Write out the entries below exactly as they stand. Skip every image.

(DATA FOR THIS EXERCISE)

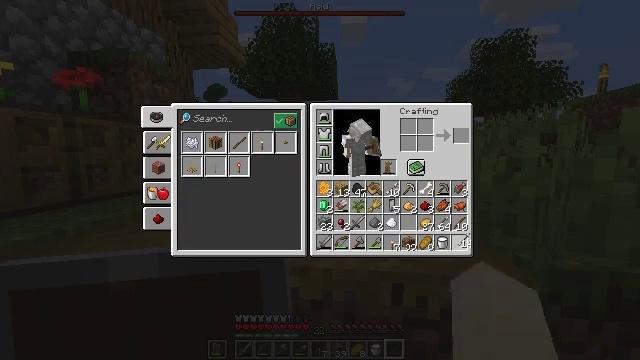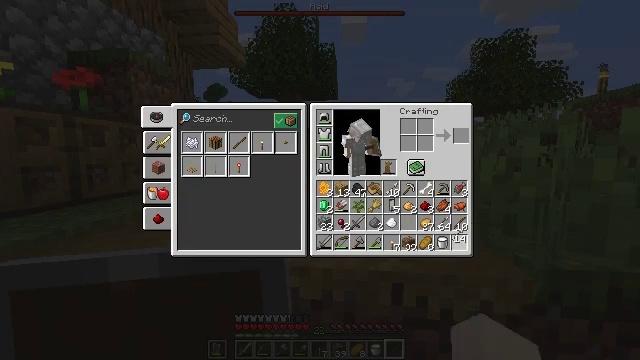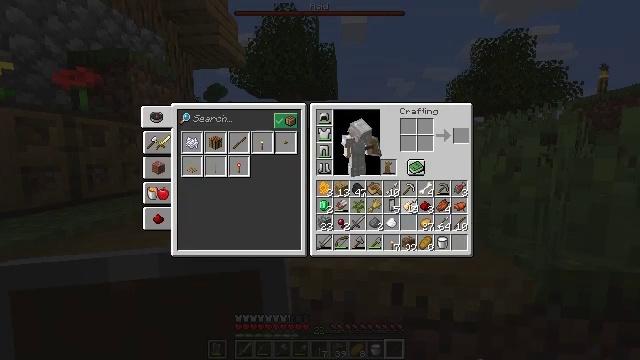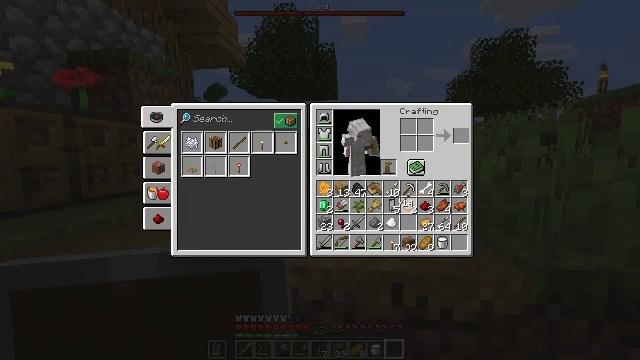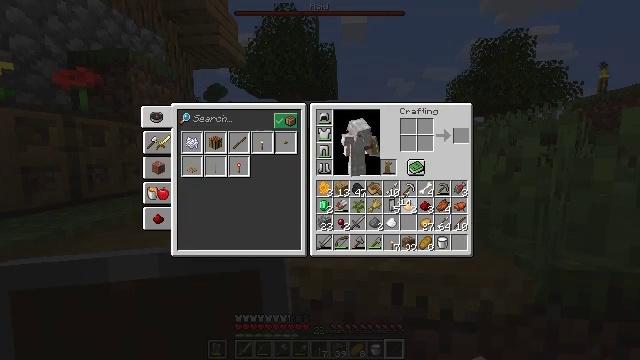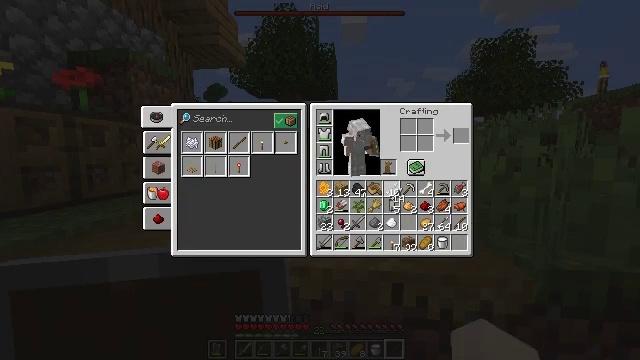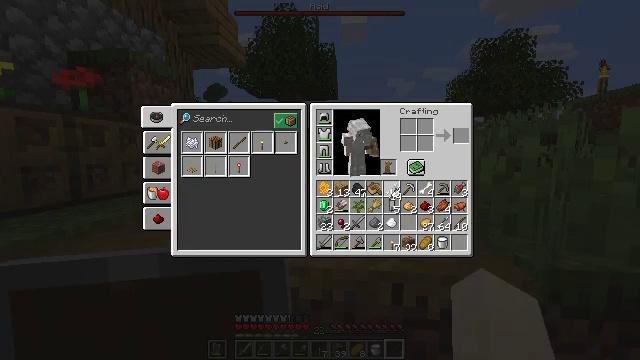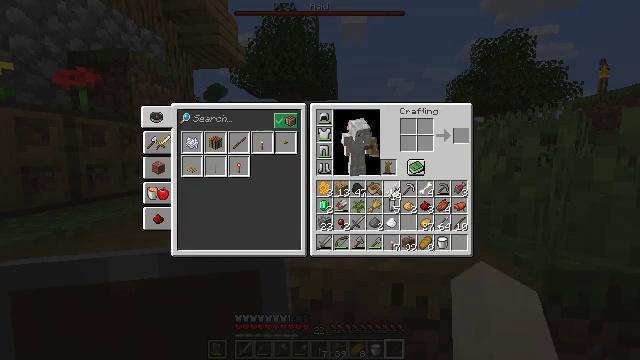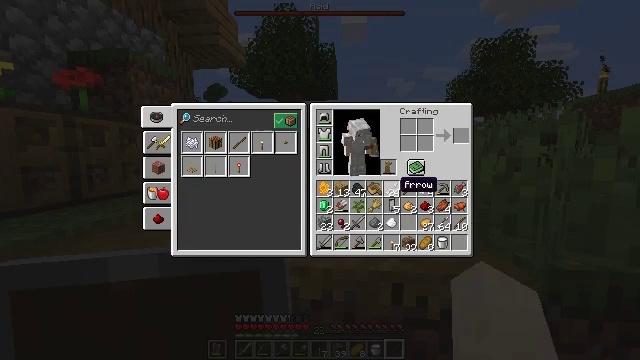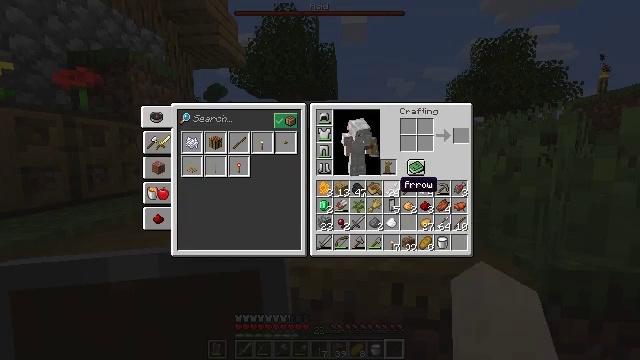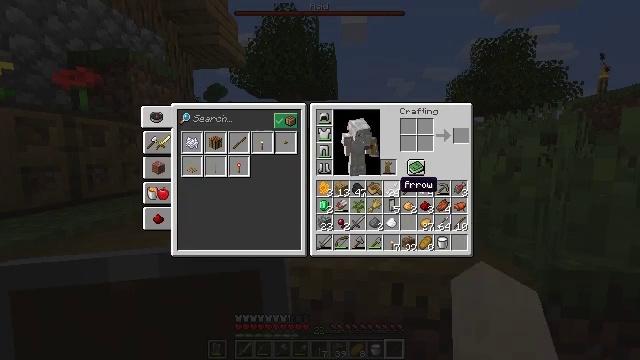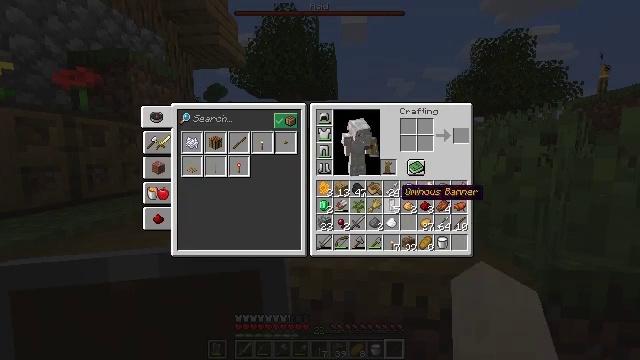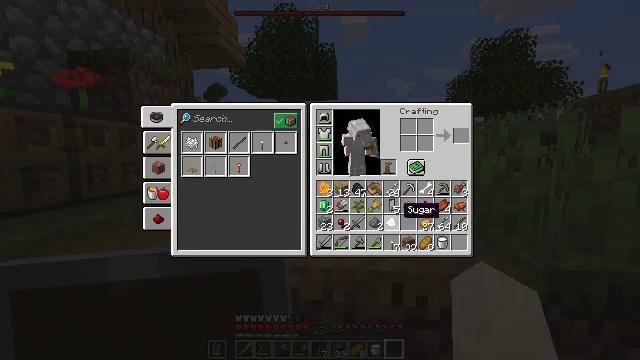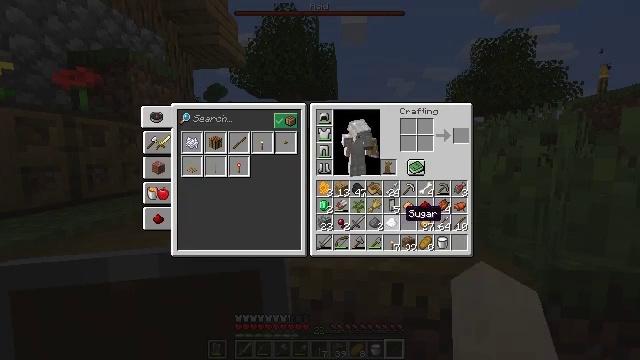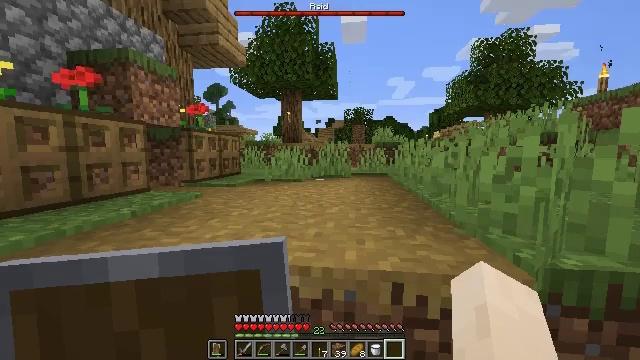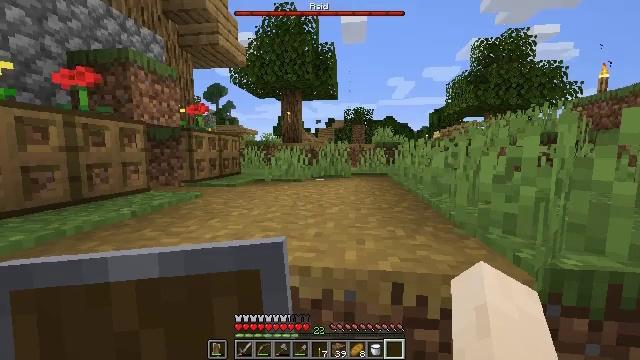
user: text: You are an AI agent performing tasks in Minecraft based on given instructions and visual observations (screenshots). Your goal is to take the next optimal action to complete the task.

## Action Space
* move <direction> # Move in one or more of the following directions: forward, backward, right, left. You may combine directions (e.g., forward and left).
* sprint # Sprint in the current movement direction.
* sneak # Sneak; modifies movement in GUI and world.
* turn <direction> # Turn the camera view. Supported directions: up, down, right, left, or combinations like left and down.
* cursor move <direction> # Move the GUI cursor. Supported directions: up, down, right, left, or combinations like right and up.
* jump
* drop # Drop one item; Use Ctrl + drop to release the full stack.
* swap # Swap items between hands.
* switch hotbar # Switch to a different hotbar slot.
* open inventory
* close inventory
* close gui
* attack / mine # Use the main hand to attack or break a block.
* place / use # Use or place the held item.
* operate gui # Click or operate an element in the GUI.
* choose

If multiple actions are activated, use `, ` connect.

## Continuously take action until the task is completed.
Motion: motion action
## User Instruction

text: Break down the oak fence.
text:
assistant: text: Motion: turn left
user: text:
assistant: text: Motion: turn left and up
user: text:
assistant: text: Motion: no_op
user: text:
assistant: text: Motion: no_op
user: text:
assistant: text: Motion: turn left
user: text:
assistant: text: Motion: no_op
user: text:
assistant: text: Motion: attack / mine
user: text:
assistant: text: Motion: no_op
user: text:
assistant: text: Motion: no_op
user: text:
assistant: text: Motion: no_op
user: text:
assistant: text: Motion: turn down
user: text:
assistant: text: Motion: turn down
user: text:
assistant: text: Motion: no_op
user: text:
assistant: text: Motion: no_op
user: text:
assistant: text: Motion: no_op
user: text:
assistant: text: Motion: move forward
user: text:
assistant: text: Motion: move forward
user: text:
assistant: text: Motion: move forward, turn right and down, jump
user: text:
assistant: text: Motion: move forward, jump
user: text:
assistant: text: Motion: move forward, jump
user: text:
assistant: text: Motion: move forward, turn left and up, jump
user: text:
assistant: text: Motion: move forward
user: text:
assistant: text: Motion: move forward
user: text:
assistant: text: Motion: move forward, sprint
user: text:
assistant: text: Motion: move forward, sprint, turn left
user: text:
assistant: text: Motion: move forward, sprint
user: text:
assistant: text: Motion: move forward
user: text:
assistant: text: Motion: move forward
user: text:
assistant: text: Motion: move forward
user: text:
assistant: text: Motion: move forward
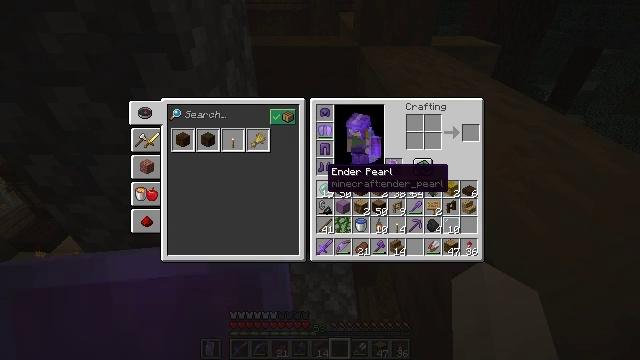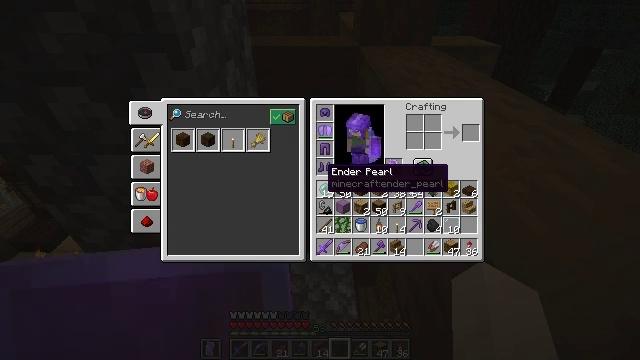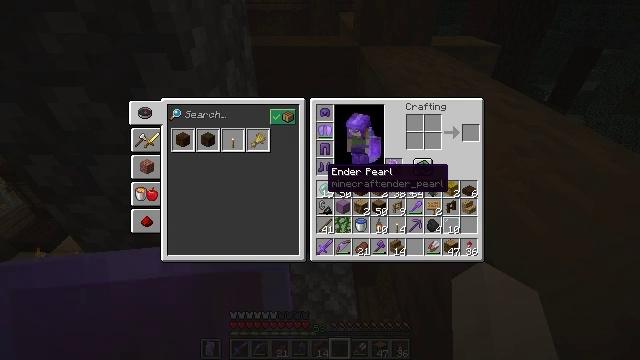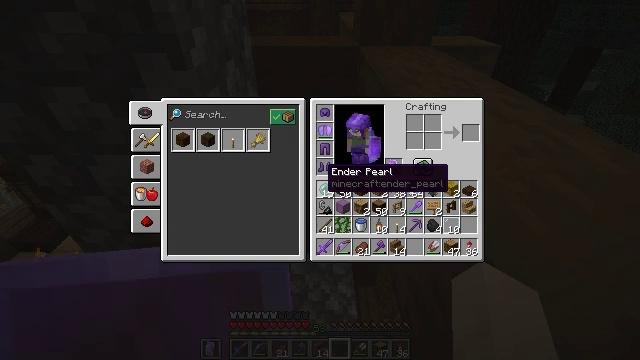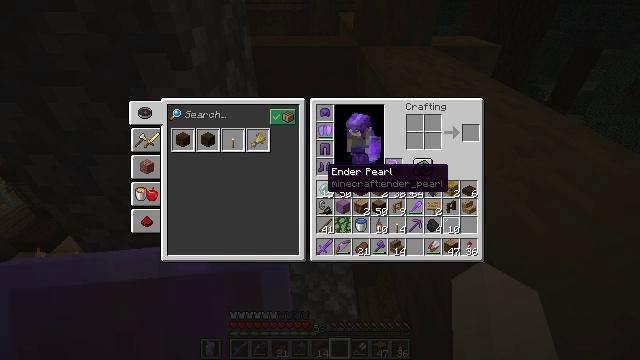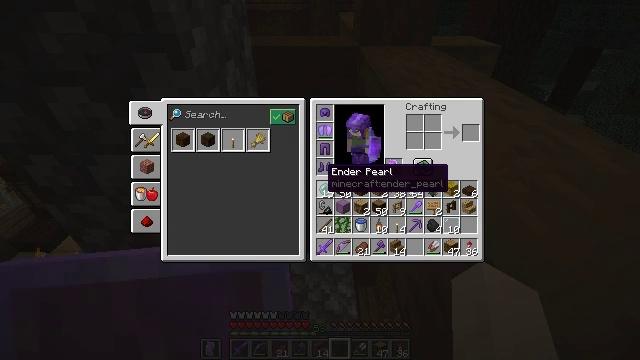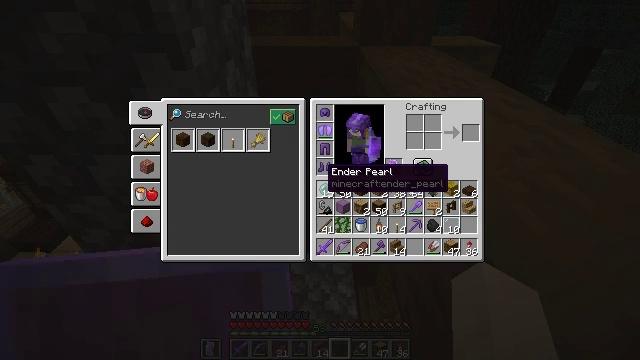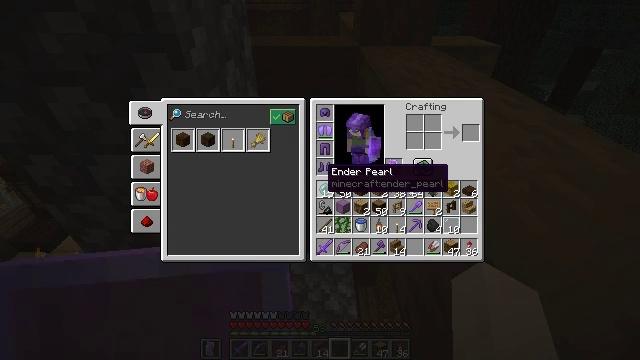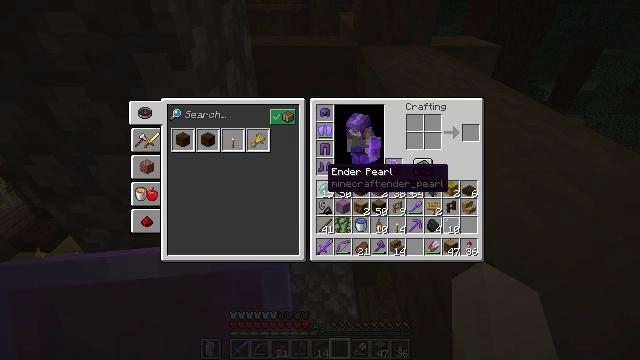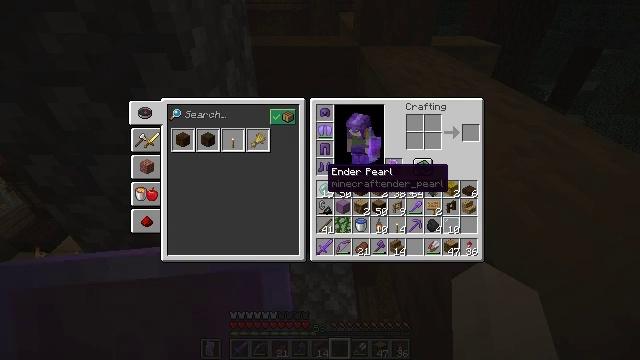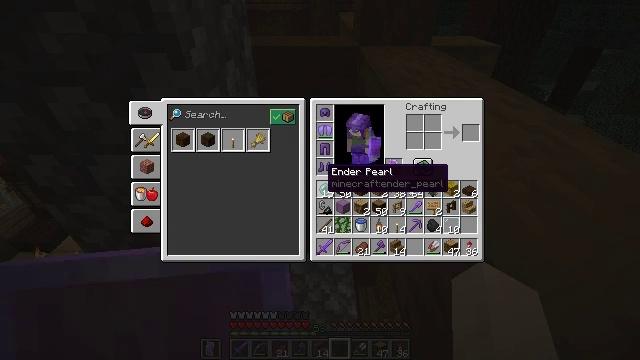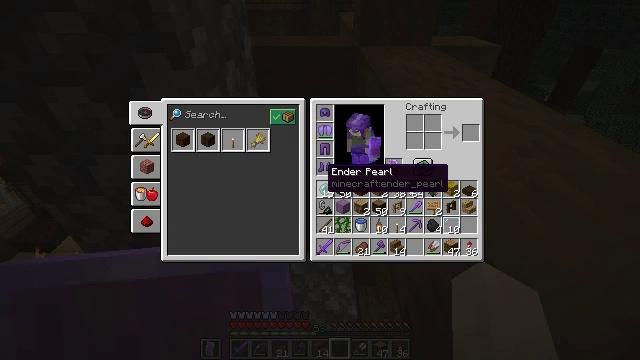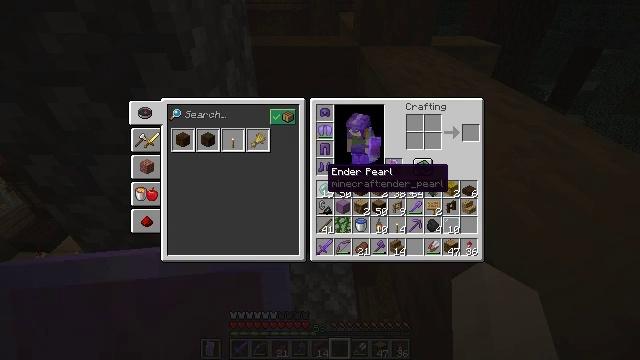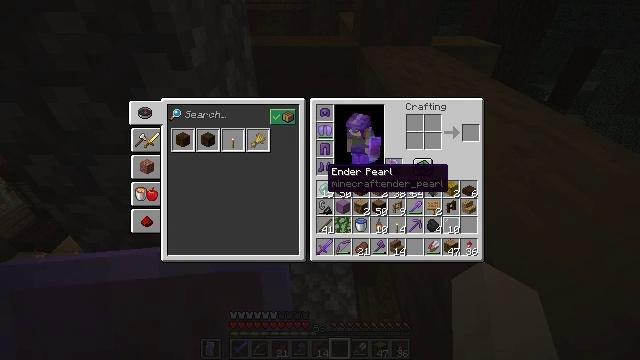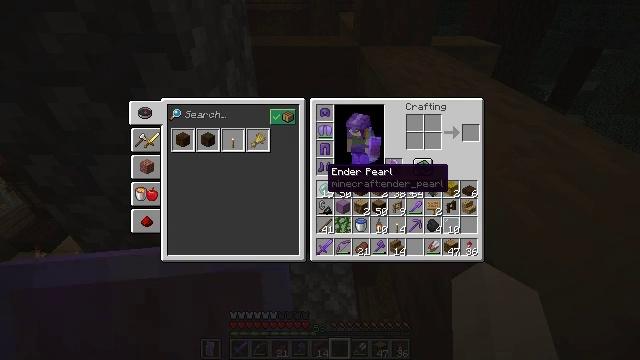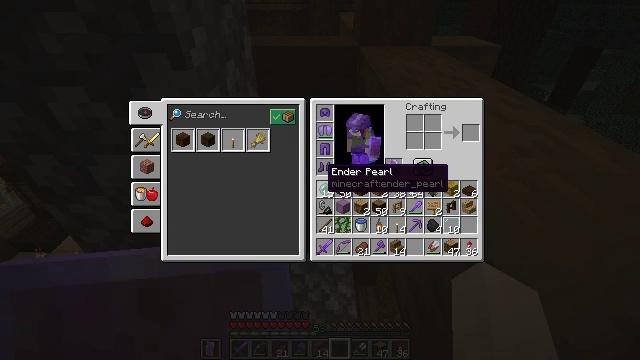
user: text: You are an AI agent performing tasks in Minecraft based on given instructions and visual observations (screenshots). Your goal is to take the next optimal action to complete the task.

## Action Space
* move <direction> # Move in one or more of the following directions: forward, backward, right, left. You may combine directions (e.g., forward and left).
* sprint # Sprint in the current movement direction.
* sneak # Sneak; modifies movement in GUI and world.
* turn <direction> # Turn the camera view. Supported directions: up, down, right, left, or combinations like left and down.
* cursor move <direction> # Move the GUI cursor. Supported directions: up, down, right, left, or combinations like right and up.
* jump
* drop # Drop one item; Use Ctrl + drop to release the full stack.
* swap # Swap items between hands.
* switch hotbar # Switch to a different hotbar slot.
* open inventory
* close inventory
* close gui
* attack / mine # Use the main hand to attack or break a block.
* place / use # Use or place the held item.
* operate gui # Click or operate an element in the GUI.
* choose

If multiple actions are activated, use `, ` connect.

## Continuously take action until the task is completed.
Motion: motion action
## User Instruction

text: craft item jungle wood
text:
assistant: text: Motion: no_op
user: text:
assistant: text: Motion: no_op
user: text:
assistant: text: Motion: no_op
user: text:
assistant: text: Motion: no_op
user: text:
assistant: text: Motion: no_op
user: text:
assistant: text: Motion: no_op
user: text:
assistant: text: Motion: no_op
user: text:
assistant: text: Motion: no_op
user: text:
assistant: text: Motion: no_op
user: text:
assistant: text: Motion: no_op
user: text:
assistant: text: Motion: no_op
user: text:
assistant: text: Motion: no_op
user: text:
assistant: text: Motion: no_op
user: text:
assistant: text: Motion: no_op
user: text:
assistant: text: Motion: no_op
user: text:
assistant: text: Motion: no_op
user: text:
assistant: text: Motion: no_op
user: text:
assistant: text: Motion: no_op
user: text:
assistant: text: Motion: no_op
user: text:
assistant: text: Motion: no_op
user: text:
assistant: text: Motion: no_op
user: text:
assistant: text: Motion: no_op
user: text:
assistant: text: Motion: no_op
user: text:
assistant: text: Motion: no_op
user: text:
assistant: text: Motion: no_op
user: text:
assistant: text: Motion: no_op
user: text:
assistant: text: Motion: no_op
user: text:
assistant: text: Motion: no_op
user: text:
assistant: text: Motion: no_op
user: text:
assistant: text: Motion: no_op

(End DATA FOR THIS EXERCISE)

■ **RESPONSE BOX**
user: text: You are an AI agent performing tasks in Minecraft based on given instructions and visual observations (screenshots). Your goal is to take the next optimal action to complete the task.

## Action Space
* move <direction> # Move in one or more of the following directions: forward, backward, right, left. You may combine directions (e.g., forward and left).
* sprint # Sprint in the current movement direction.
* sneak # Sneak; modifies movement in GUI and world.
* turn <direction> # Turn the camera view. Supported directions: up, down, right, left, or combinations like left and down.
* cursor move <direction> # Move the GUI cursor. Supported directions: up, down, right, left, or combinations like right and up.
* jump
* drop # Drop one item; Use Ctrl + drop to release the full stack.
* swap # Swap items between hands.
* switch hotbar # Switch to a different hotbar slot.
* open inventory
* close inventory
* close gui
* attack / mine # Use the main hand to attack or break a block.
* place / use # Use or place the held item.
* operate gui # Click or operate an element in the GUI.
* choose

If multiple actions are activated, use `, ` connect.

## Continuously take action until the task is completed.
Motion: motion action
## User Instruction

text: Break down the oak fence.
text:
assistant: text: Motion: turn left
user: text:
assistant: text: Motion: turn left and up
user: text:
assistant: text: Motion: no_op
user: text:
assistant: text: Motion: no_op
user: text:
assistant: text: Motion: turn left
user: text:
assistant: text: Motion: no_op
user: text:
assistant: text: Motion: attack / mine
user: text:
assistant: text: Motion: no_op
user: text:
assistant: text: Motion: no_op
user: text:
assistant: text: Motion: no_op
user: text:
assistant: text: Motion: turn down
user: text:
assistant: text: Motion: turn down
user: text:
assistant: text: Motion: no_op
user: text:
assistant: text: Motion: no_op
user: text:
assistant: text: Motion: no_op
user: text:
assistant: text: Motion: move forward
user: text:
assistant: text: Motion: move forward
user: text:
assistant: text: Motion: move forward, turn right and down, jump
user: text:
assistant: text: Motion: move forward, jump
user: text:
assistant: text: Motion: move forward, jump
user: text:
assistant: text: Motion: move forward, turn left and up, jump
user: text:
assistant: text: Motion: move forward
user: text:
assistant: text: Motion: move forward
user: text:
assistant: text: Motion: move forward, sprint
user: text:
assistant: text: Motion: move forward, sprint, turn left
user: text:
assistant: text: Motion: move forward, sprint
user: text:
assistant: text: Motion: move forward
user: text:
assistant: text: Motion: move forward
user: text:
assistant: text: Motion: move forward
user: text:
assistant: text: Motion: move forward
user: text: You are an AI agent performing tasks in Minecraft based on given instructions and visual observations (screenshots). Your goal is to take the next optimal action to complete the task.

## Action Space
* move <direction> # Move in one or more of the following directions: forward, backward, right, left. You may combine directions (e.g., forward and left).
* sprint # Sprint in the current movement direction.
* sneak # Sneak; modifies movement in GUI and world.
* turn <direction> # Turn the camera view. Supported directions: up, down, right, left, or combinations like left and down.
* cursor move <direction> # Move the GUI cursor. Supported directions: up, down, right, left, or combinations like right and up.
* jump
* drop # Drop one item; Use Ctrl + drop to release the full stack.
* swap # Swap items between hands.
* switch hotbar # Switch to a different hotbar slot.
* open inventory
* close inventory
* close gui
* attack / mine # Use the main hand to attack or break a block.
* place / use # Use or place the held item.
* operate gui # Click or operate an element in the GUI.
* choose

If multiple actions are activated, use `, ` connect.

## Continuously take action until the task is completed.
Motion: motion action
## User Instruction

text: craft item jungle wood
text:
assistant: text: Motion: no_op
user: text:
assistant: text: Motion: no_op
user: text:
assistant: text: Motion: no_op
user: text:
assistant: text: Motion: no_op
user: text:
assistant: text: Motion: no_op
user: text:
assistant: text: Motion: no_op
user: text:
assistant: text: Motion: no_op
user: text:
assistant: text: Motion: no_op
user: text:
assistant: text: Motion: no_op
user: text:
assistant: text: Motion: no_op
user: text:
assistant: text: Motion: no_op
user: text:
assistant: text: Motion: no_op
user: text:
assistant: text: Motion: no_op
user: text:
assistant: text: Motion: no_op
user: text:
assistant: text: Motion: no_op
user: text:
assistant: text: Motion: no_op
user: text:
assistant: text: Motion: no_op
user: text:
assistant: text: Motion: no_op
user: text:
assistant: text: Motion: no_op
user: text:
assistant: text: Motion: no_op
user: text:
assistant: text: Motion: no_op
user: text:
assistant: text: Motion: no_op
user: text:
assistant: text: Motion: no_op
user: text:
assistant: text: Motion: no_op
user: text:
assistant: text: Motion: no_op
user: text:
assistant: text: Motion: no_op
user: text:
assistant: text: Motion: no_op
user: text:
assistant: text: Motion: no_op
user: text:
assistant: text: Motion: no_op
user: text:
assistant: text: Motion: no_op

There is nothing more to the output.